● **Task data**
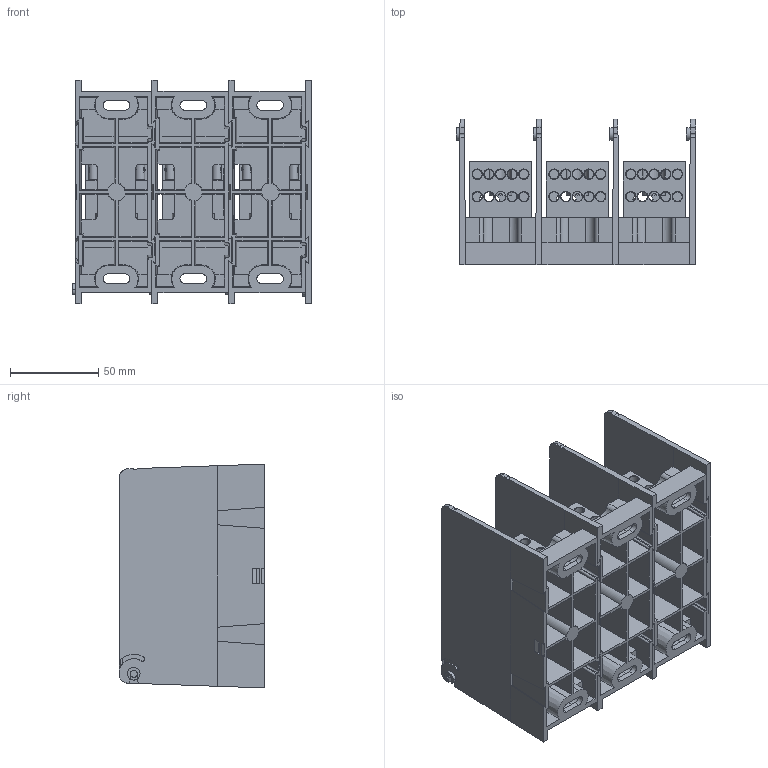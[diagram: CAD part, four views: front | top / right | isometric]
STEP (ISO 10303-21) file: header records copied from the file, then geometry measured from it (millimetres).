
FILE_DESCRIPTION (( 'STEP AP214' ), '1' );
FILE_NAME ('702022rev-3P.STEP', '2015-06-24T18:52:00', ( '' ), ( '' ), 'SwSTEP 2.0', 'SolidWorks 2014', '' );
FILE_SCHEMA (( 'AUTOMOTIVE_DESIGN' ));
Length unit declared in the file: inch
Products named in the file (1): 702022rev-3P
Bounding box: 135.72 x 82.55 x 127.01 mm (x, y, z)
Surface area: 182857.6 mm2 (no closed solid volume)
Topology: 0 solids, 23 shells, 908 faces, 3360 edges, 2386 vertices
Faces by surface type: plane 461, cylinder 289, cone 158
Entity records: 56262 total; most frequent: CARTESIAN_POINT 17616, ORIENTED_EDGE 5389, DIRECTION 5019, EDGE_CURVE 3356, VERTEX_POINT 2386, VECTOR 2083, LINE 2083, AXIS2_PLACEMENT_3D 1468
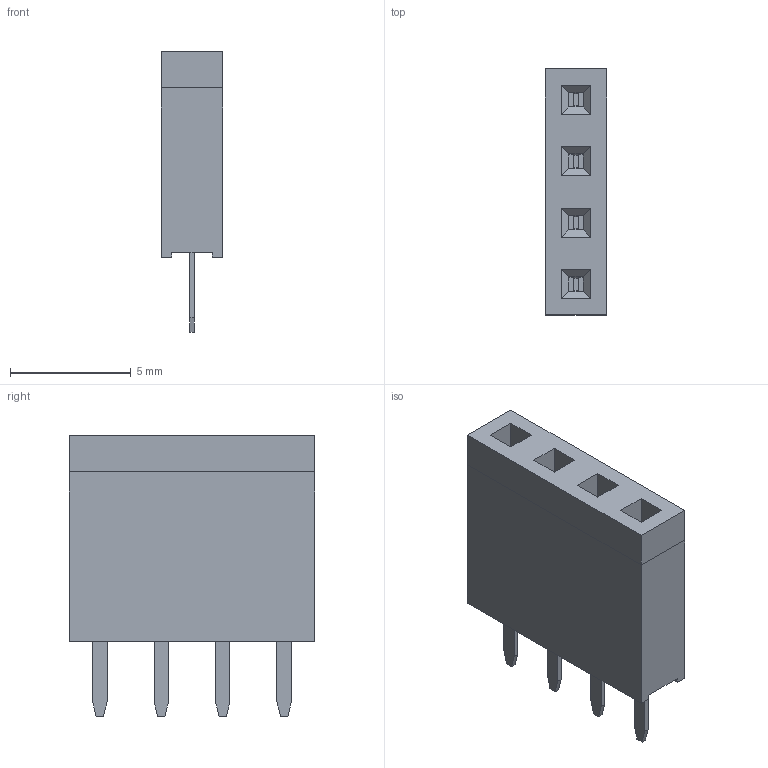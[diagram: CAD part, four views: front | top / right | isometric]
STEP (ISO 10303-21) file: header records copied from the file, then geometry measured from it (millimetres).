
FILE_DESCRIPTION(('FreeCAD Model'),'2;1');
FILE_NAME( 'PinSocket_1x04_P2.54mm_Vertical_8.5mm.step', '2020-06-25T01:58:37',('Author'),(''), 'Open CASCADE STEP processor 7.3','FreeCAD','Unknown');
FILE_SCHEMA(('AUTOMOTIVE_DESIGN { 1 0 10303 214 1 1 1 1 }'));
Length unit declared in the file: millimetre
Products named in the file (1): Pad
Bounding box: 2.54 x 10.16 x 11.6 mm (x, y, z)
Volume: 200 mm3; surface area: 382.1 mm2
Topology: 1 solids, 1 shells, 154 faces, 384 edges, 244 vertices
Faces by surface type: plane 154
Entity records: 5531 total; most frequent: CARTESIAN_POINT 783, ORIENTED_EDGE 768, DIRECTION 694, EDGE_CURVE 384, LINE 384, VECTOR 384, VERTEX_POINT 244, FACE_BOUND 166
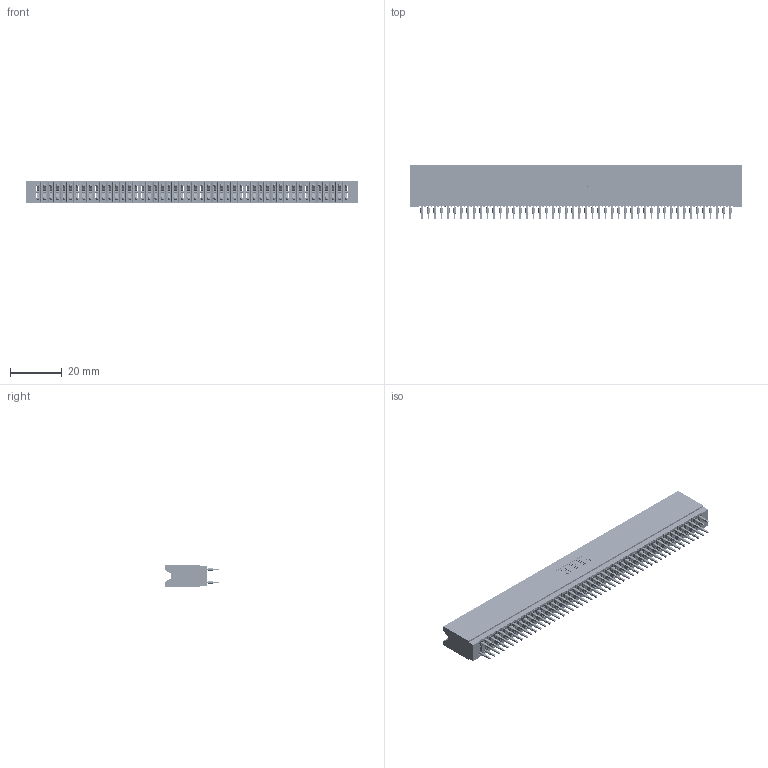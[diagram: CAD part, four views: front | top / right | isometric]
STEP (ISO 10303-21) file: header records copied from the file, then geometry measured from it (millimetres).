
FILE_DESCRIPTION (( 'STEP AP203' ), '1' );
FILE_NAME ('745-096-520-206.STEP', '2026-02-26T22:55:21', ( '' ), ( '' ), 'SwSTEP 2.0', 'SolidWorks 2023', '' );
FILE_SCHEMA (( 'CONFIG_CONTROL_DESIGN' ));
Length unit declared in the file: millimetre
Products named in the file (3): 745 Part_Insulator Option - 06; 745-292-001_520; 745-096-520-206
Assembly tree (97 placements, depth 2):
  745-096-520-206
    745 Part_Insulator Option - 06
    745-292-001_520  x96
Bounding box: 128.52 x 21.22 x 8.89 mm (x, y, z)
Volume: 11435.5 mm3; surface area: 22970.1 mm2
Topology: 97 solids, 97 shells, 8688 faces, 23348 edges, 14668 vertices
Faces by surface type: plane 4472, bspline 1920, cylinder 1720, torus 576
Entity records: 80010 total; most frequent: CARTESIAN_POINT 14378, ORIENTED_EDGE 13826, DIRECTION 12073, EDGE_CURVE 6913, LINE 6443, VECTOR 6443, VERTEX_POINT 4408, AXIS2_PLACEMENT_3D 2815
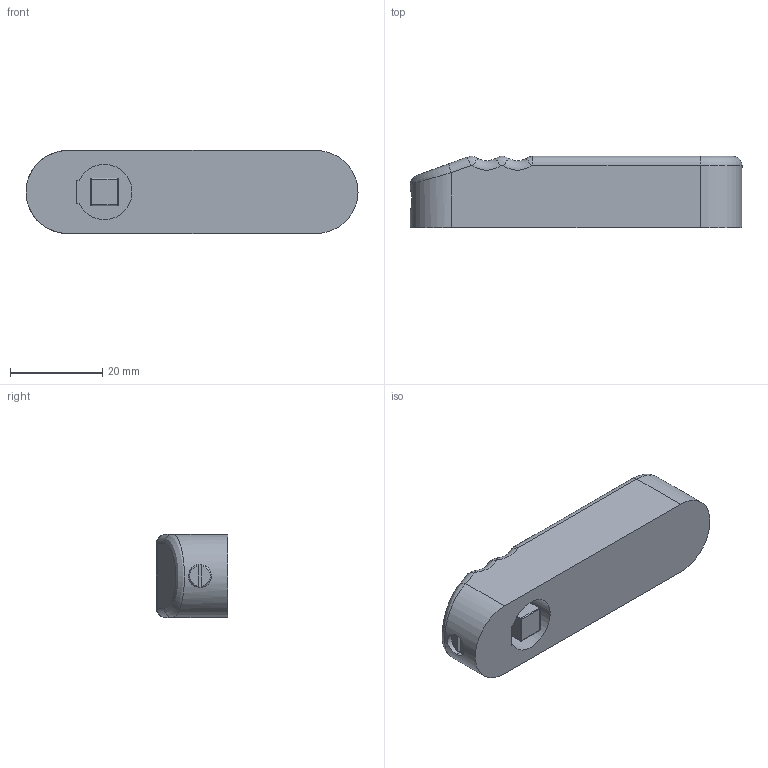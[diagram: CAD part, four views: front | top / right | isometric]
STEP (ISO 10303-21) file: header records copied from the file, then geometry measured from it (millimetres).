
FILE_DESCRIPTION((''),'2;1');
FILE_NAME('OHBS9_SW0003','2024-07-05T12:22:30',('FIRARAN'),(''),'CREO PARAMETRIC BY PTC INC, 2022364','CREO PARAMETRIC BY PTC INC, 2022364','');
FILE_SCHEMA(('AUTOMOTIVE_DESIGN { 1 0 10303 214 1 1 1 1 }'));
Length unit declared in the file: millimetre
Products named in the file (1): OHBS9_SW0003
Bounding box: 72 x 15.45 x 18 mm (x, y, z)
Volume: 17348.5 mm3; surface area: 5551.2 mm2
Topology: 1 solids, 1 shells, 66 faces, 153 edges, 90 vertices
Faces by surface type: cylinder 24, plane 20, bspline 7, cone 6, torus 5, sphere 4
Entity records: 3338 total; most frequent: CARTESIAN_POINT 790, DIRECTION 362, ORIENTED_EDGE 302, COLOUR_RGB 208, EDGE_CURVE 151, AXIS2_PLACEMENT_3D 144, VERTEX_POINT 90, CIRCLE 75

● **How to complete this task**
Restate each line above exactly, keeping pictures out.

● **Result of the exercise**
[diagram: CAD part, four views: front | top / right | isometric]
STEP (ISO 10303-21) file: header records copied from the file, then geometry measured from it (millimetres).
FILE_DESCRIPTION (( 'STEP AP214' ), '1' );
FILE_NAME ('702022rev-3P.STEP', '2015-06-24T18:52:00', ( '' ), ( '' ), 'SwSTEP 2.0', 'SolidWorks 2014', '' );
FILE_SCHEMA (( 'AUTOMOTIVE_DESIGN' ));
Length unit declared in the file: inch
Products named in the file (1): 702022rev-3P
Bounding box: 135.72 x 82.55 x 127.01 mm (x, y, z)
Surface area: 182857.6 mm2 (no closed solid volume)
Topology: 0 solids, 23 shells, 908 faces, 3360 edges, 2386 vertices
Faces by surface type: plane 461, cylinder 289, cone 158
Entity records: 56262 total; most frequent: CARTESIAN_POINT 17616, ORIENTED_EDGE 5389, DIRECTION 5019, EDGE_CURVE 3356, VERTEX_POINT 2386, VECTOR 2083, LINE 2083, AXIS2_PLACEMENT_3D 1468
[diagram: CAD part, four views: front | top / right | isometric]
STEP (ISO 10303-21) file: header records copied from the file, then geometry measured from it (millimetres).
FILE_DESCRIPTION(('FreeCAD Model'),'2;1');
FILE_NAME( 'PinSocket_1x04_P2.54mm_Vertical_8.5mm.step', '2020-06-25T01:58:37',('Author'),(''), 'Open CASCADE STEP processor 7.3','FreeCAD','Unknown');
FILE_SCHEMA(('AUTOMOTIVE_DESIGN { 1 0 10303 214 1 1 1 1 }'));
Length unit declared in the file: millimetre
Products named in the file (1): Pad
Bounding box: 2.54 x 10.16 x 11.6 mm (x, y, z)
Volume: 200 mm3; surface area: 382.1 mm2
Topology: 1 solids, 1 shells, 154 faces, 384 edges, 244 vertices
Faces by surface type: plane 154
Entity records: 5531 total; most frequent: CARTESIAN_POINT 783, ORIENTED_EDGE 768, DIRECTION 694, EDGE_CURVE 384, LINE 384, VECTOR 384, VERTEX_POINT 244, FACE_BOUND 166
[diagram: CAD part, four views: front | top / right | isometric]
STEP (ISO 10303-21) file: header records copied from the file, then geometry measured from it (millimetres).
FILE_DESCRIPTION (( 'STEP AP203' ), '1' );
FILE_NAME ('745-096-520-206.STEP', '2026-02-26T22:55:21', ( '' ), ( '' ), 'SwSTEP 2.0', 'SolidWorks 2023', '' );
FILE_SCHEMA (( 'CONFIG_CONTROL_DESIGN' ));
Length unit declared in the file: millimetre
Products named in the file (3): 745 Part_Insulator Option - 06; 745-292-001_520; 745-096-520-206
Assembly tree (97 placements, depth 2):
  745-096-520-206
    745 Part_Insulator Option - 06
    745-292-001_520  x96
Bounding box: 128.52 x 21.22 x 8.89 mm (x, y, z)
Volume: 11435.5 mm3; surface area: 22970.1 mm2
Topology: 97 solids, 97 shells, 8688 faces, 23348 edges, 14668 vertices
Faces by surface type: plane 4472, bspline 1920, cylinder 1720, torus 576
Entity records: 80010 total; most frequent: CARTESIAN_POINT 14378, ORIENTED_EDGE 13826, DIRECTION 12073, EDGE_CURVE 6913, LINE 6443, VECTOR 6443, VERTEX_POINT 4408, AXIS2_PLACEMENT_3D 2815
[diagram: CAD part, four views: front | top / right | isometric]
STEP (ISO 10303-21) file: header records copied from the file, then geometry measured from it (millimetres).
FILE_DESCRIPTION((''),'2;1');
FILE_NAME('OHBS9_SW0003','2024-07-05T12:22:30',('FIRARAN'),(''),'CREO PARAMETRIC BY PTC INC, 2022364','CREO PARAMETRIC BY PTC INC, 2022364','');
FILE_SCHEMA(('AUTOMOTIVE_DESIGN { 1 0 10303 214 1 1 1 1 }'));
Length unit declared in the file: millimetre
Products named in the file (1): OHBS9_SW0003
Bounding box: 72 x 15.45 x 18 mm (x, y, z)
Volume: 17348.5 mm3; surface area: 5551.2 mm2
Topology: 1 solids, 1 shells, 66 faces, 153 edges, 90 vertices
Faces by surface type: cylinder 24, plane 20, bspline 7, cone 6, torus 5, sphere 4
Entity records: 3338 total; most frequent: CARTESIAN_POINT 790, DIRECTION 362, ORIENTED_EDGE 302, COLOUR_RGB 208, EDGE_CURVE 151, AXIS2_PLACEMENT_3D 144, VERTEX_POINT 90, CIRCLE 75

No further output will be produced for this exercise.